> What to produce
Check each line of the entries below for the string "Detect"; copy every line where it appears.

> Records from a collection
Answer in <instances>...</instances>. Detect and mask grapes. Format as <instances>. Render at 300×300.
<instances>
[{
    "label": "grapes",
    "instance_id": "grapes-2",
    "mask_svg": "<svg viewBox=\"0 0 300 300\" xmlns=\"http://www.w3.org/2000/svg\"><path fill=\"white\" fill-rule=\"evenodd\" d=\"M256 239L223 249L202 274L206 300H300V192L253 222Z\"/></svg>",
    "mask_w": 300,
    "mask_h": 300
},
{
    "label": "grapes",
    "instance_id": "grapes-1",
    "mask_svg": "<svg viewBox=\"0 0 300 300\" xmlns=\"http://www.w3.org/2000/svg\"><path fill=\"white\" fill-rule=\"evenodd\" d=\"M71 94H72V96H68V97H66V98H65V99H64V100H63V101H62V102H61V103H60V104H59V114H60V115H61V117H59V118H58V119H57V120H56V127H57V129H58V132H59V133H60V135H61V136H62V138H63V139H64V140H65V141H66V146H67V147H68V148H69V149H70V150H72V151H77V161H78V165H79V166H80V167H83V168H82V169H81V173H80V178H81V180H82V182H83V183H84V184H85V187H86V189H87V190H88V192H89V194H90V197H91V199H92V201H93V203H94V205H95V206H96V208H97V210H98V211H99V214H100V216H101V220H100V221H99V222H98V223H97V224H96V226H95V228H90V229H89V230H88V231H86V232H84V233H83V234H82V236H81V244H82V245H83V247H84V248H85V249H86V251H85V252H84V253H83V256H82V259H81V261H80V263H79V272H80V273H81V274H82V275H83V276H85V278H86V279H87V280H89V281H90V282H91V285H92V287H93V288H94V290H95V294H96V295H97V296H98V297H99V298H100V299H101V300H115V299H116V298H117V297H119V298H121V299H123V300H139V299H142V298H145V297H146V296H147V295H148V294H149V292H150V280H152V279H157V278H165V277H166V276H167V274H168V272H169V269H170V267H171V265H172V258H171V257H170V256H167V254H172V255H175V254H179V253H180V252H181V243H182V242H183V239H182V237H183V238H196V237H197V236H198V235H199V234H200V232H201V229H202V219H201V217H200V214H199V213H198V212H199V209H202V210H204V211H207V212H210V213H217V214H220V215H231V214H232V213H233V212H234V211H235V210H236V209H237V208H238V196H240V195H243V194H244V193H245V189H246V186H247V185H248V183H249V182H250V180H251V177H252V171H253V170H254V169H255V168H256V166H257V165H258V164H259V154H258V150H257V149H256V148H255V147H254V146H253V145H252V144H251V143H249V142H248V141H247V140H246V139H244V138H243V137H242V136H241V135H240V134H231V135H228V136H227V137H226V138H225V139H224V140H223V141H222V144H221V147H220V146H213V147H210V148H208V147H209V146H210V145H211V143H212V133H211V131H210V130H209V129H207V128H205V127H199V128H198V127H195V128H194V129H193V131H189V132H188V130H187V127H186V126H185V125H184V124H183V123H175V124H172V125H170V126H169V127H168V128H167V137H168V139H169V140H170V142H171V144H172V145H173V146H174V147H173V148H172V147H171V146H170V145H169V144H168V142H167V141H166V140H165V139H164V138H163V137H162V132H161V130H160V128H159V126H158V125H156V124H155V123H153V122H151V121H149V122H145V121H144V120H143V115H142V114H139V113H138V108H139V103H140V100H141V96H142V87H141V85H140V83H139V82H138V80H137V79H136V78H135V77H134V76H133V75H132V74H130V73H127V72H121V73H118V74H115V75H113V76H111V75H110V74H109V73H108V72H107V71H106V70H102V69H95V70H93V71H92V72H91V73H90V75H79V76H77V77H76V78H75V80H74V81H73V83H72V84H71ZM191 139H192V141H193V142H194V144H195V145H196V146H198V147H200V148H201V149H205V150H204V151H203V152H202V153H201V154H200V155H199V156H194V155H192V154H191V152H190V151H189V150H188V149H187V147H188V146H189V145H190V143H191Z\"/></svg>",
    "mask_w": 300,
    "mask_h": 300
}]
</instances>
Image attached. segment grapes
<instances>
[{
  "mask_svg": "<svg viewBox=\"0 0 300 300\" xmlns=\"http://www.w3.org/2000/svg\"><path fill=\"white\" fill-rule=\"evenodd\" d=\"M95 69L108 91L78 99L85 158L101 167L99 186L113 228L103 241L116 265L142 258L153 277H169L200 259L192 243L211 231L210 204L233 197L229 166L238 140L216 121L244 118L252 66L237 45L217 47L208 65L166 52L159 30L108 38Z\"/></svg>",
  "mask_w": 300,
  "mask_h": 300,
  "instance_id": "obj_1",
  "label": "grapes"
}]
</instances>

--

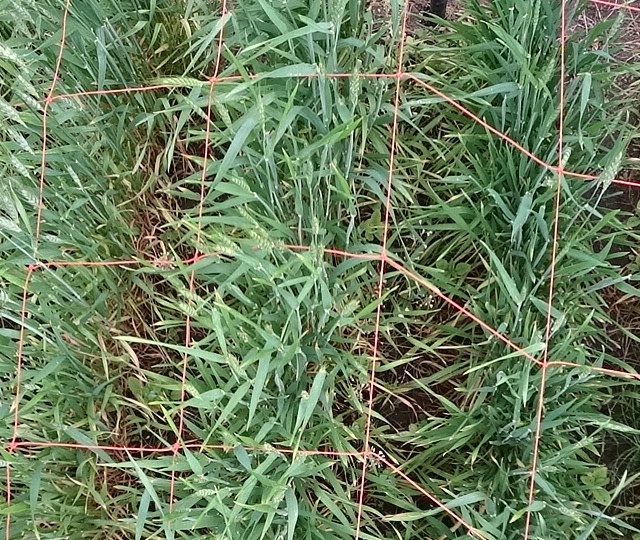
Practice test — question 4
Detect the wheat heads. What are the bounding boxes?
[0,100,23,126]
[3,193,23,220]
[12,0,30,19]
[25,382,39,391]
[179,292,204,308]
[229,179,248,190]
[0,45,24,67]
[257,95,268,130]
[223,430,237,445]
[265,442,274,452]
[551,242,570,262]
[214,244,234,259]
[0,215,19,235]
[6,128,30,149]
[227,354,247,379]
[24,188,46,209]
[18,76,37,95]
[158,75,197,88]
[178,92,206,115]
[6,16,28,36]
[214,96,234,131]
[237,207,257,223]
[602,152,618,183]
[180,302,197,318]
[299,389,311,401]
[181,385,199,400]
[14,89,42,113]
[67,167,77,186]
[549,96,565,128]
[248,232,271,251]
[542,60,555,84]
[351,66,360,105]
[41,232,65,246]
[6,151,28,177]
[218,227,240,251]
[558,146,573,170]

> Expected answer
Answer in <instances>...</instances>. Detect and mask grapes. Format as <instances>. Render at 300×300.
Detect the wheat heads. What are the bounding boxes?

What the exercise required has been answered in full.